New methods, new workers

Mark farmer 2017 bw

The adoption of modern methods of construction offers an opportunity to expand the industry’s skills base and attract a wider range of young people

Mark farmer 2017 bw

Just as we were ready to welcome and praise last year’s Industrial Strategy putting the construction industry’s modernisation high up on the agenda, the UK’s second-largest construction firm collapsed. Carillion’s demise means different things to different stakeholders, but has only one overarching implication: we must change our basic delivery model, prioritising new procurement models and more technology-enabled delivery methods fundamentally underpinned by future-proofed skills and accreditation programmes.

Any such reform is critical to addressing the damage done by the Carillion collapse – and indeed the fire at Grenfell Tower – to the attraction of young talent into our industry. It is also badly damaging public trust in our industry. Ongoing media exposes of poor-quality homebuilding also continue unabated. 

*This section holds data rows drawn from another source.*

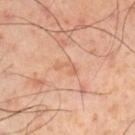Captured during whole-body skin photography for melanoma surveillance; the lesion was not biopsied. The subject is a male in their mid- to late 50s. This is a cross-polarized tile. The lesion is located on the right lower leg. Cropped from a total-body skin-imaging series; the visible field is about 15 mm.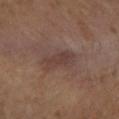Q: Was a biopsy performed?
A: no biopsy performed (imaged during a skin exam)
Q: Illumination type?
A: cross-polarized illumination
Q: Patient demographics?
A: male, roughly 65 years of age
Q: What is the lesion's diameter?
A: about 4 mm
Q: What is the imaging modality?
A: total-body-photography crop, ~15 mm field of view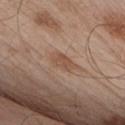biopsy_status: not biopsied; imaged during a skin examination
patient:
  sex: male
  age_approx: 55
lesion_size:
  long_diameter_mm_approx: 3.0
site: upper back
lighting: white-light
image:
  source: total-body photography crop
  field_of_view_mm: 15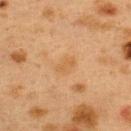biopsy status = total-body-photography surveillance lesion; no biopsy
TBP lesion metrics = an average lesion color of about L≈49 a*≈17 b*≈35 (CIELAB), a lesion–skin lightness drop of about 5, and a normalized border contrast of about 5; a classifier nevus-likeness of about 0/100 and lesion-presence confidence of about 100/100
image source = ~15 mm tile from a whole-body skin photo
anatomic site = the upper back
subject = female, aged 38 to 42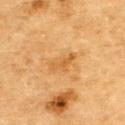biopsy_status: not biopsied; imaged during a skin examination
patient:
  sex: male
  age_approx: 85+
site: upper back
image:
  source: total-body photography crop
  field_of_view_mm: 15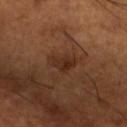| feature | finding |
|---|---|
| notes | no biopsy performed (imaged during a skin exam) |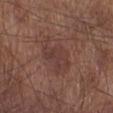Captured during whole-body skin photography for melanoma surveillance; the lesion was not biopsied. The subject is a male roughly 55 years of age. Located on the right lower leg. Imaged with white-light lighting. The lesion's longest dimension is about 5 mm. The lesion-visualizer software estimated a border-irregularity index near 3.5/10, internal color variation of about 2.5 on a 0–10 scale, and radial color variation of about 1. Cropped from a whole-body photographic skin survey; the tile spans about 15 mm.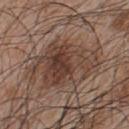No biopsy was performed on this lesion — it was imaged during a full skin examination and was not determined to be concerning. Automated image analysis of the tile measured a lesion area of about 23 mm² and two-axis asymmetry of about 0.5. And it measured an average lesion color of about L≈40 a*≈17 b*≈24 (CIELAB), about 9 CIELAB-L* units darker than the surrounding skin, and a lesion-to-skin contrast of about 8 (normalized; higher = more distinct). It also reported a border-irregularity index near 7.5/10 and peripheral color asymmetry of about 2. And it measured a nevus-likeness score of about 75/100 and lesion-presence confidence of about 100/100. Located on the upper back. Imaged with white-light lighting. Cropped from a whole-body photographic skin survey; the tile spans about 15 mm. A male patient aged 43 to 47. About 7.5 mm across.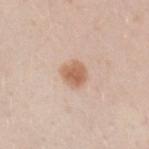Context:
A female patient, aged 18 to 22. On the left forearm. Measured at roughly 3 mm in maximum diameter. A roughly 15 mm field-of-view crop from a total-body skin photograph. This is a white-light tile.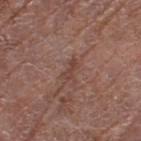Recorded during total-body skin imaging; not selected for excision or biopsy.
A 15 mm close-up extracted from a 3D total-body photography capture.
A female patient, aged 78–82.
Located on the left thigh.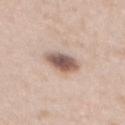On the back. A 15 mm close-up extracted from a 3D total-body photography capture. Automated tile analysis of the lesion measured a lesion color around L≈56 a*≈17 b*≈23 in CIELAB and roughly 17 lightness units darker than nearby skin. A female patient roughly 30 years of age.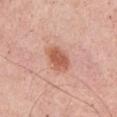This lesion was catalogued during total-body skin photography and was not selected for biopsy. Measured at roughly 3.5 mm in maximum diameter. The subject is a male aged around 55. The lesion is located on the chest. A 15 mm crop from a total-body photograph taken for skin-cancer surveillance.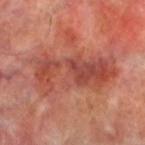Notes:
- follow-up — no biopsy performed (imaged during a skin exam)
- diameter — ~9.5 mm (longest diameter)
- image source — 15 mm crop, total-body photography
- anatomic site — the left lower leg
- illumination — cross-polarized illumination
- automated metrics — a lesion-to-skin contrast of about 6.5 (normalized; higher = more distinct); a border-irregularity index near 6/10, a within-lesion color-variation index near 6.5/10, and radial color variation of about 2
- patient — male, in their 70s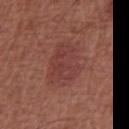{
  "biopsy_status": "not biopsied; imaged during a skin examination",
  "lesion_size": {
    "long_diameter_mm_approx": 5.5
  },
  "site": "abdomen",
  "lighting": "white-light",
  "patient": {
    "sex": "male",
    "age_approx": 65
  },
  "image": {
    "source": "total-body photography crop",
    "field_of_view_mm": 15
  }
}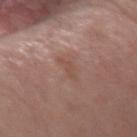follow-up=imaged on a skin check; not biopsied | diameter=≈2.5 mm | patient=male, roughly 70 years of age | image=~15 mm crop, total-body skin-cancer survey | site=the left forearm | tile lighting=white-light.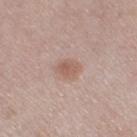workup = imaged on a skin check; not biopsied | tile lighting = white-light illumination | image source = ~15 mm tile from a whole-body skin photo | location = the right thigh | subject = female, aged 58–62 | TBP lesion metrics = a lesion area of about 5 mm², a shape eccentricity near 0.65, and a symmetry-axis asymmetry near 0.2; a border-irregularity index near 2/10 and peripheral color asymmetry of about 1; an automated nevus-likeness rating near 60 out of 100 and a lesion-detection confidence of about 100/100.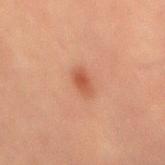Assessment: Captured during whole-body skin photography for melanoma surveillance; the lesion was not biopsied. Background: The patient is a male aged 43–47. Cropped from a total-body skin-imaging series; the visible field is about 15 mm. On the back. Approximately 3 mm at its widest. The tile uses cross-polarized illumination.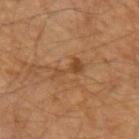Recorded during total-body skin imaging; not selected for excision or biopsy. A 15 mm close-up extracted from a 3D total-body photography capture. The lesion-visualizer software estimated an average lesion color of about L≈44 a*≈21 b*≈34 (CIELAB), a lesion–skin lightness drop of about 8, and a lesion-to-skin contrast of about 6.5 (normalized; higher = more distinct). The analysis additionally found an automated nevus-likeness rating near 5 out of 100 and lesion-presence confidence of about 100/100. Located on the left forearm. The lesion's longest dimension is about 4 mm. A male patient aged approximately 55.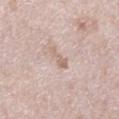Q: Was a biopsy performed?
A: catalogued during a skin exam; not biopsied
Q: What is the imaging modality?
A: total-body-photography crop, ~15 mm field of view
Q: Patient demographics?
A: male, roughly 60 years of age
Q: Where on the body is the lesion?
A: the right lower leg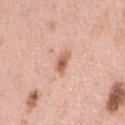Impression:
Recorded during total-body skin imaging; not selected for excision or biopsy.
Acquisition and patient details:
The lesion is located on the right upper arm. A roughly 15 mm field-of-view crop from a total-body skin photograph. A female subject aged 48 to 52.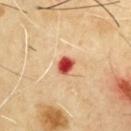A 15 mm close-up extracted from a 3D total-body photography capture.
The total-body-photography lesion software estimated an area of roughly 4 mm², a shape eccentricity near 0.6, and a shape-asymmetry score of about 0.15 (0 = symmetric). And it measured a lesion-to-skin contrast of about 13 (normalized; higher = more distinct). And it measured a border-irregularity rating of about 1.5/10 and internal color variation of about 3 on a 0–10 scale.
The recorded lesion diameter is about 2.5 mm.
From the chest.
A male patient aged 63–67.
Imaged with cross-polarized lighting.

In order to avert this kind of crisis, we must move away from the image of construction that is depicted in Channel 4’s latest sitcom, Lee and Dean, which follows two builders’ daily lives and hits all the clichés associated with the image of the cowboy builder. Replicating and maintaining stereotypes will only exacerbate our growing recruitment problem, as new entrants into the industry sink to record lows and the current workforce continues to age, with 19% of construction workers set to retire within a decade.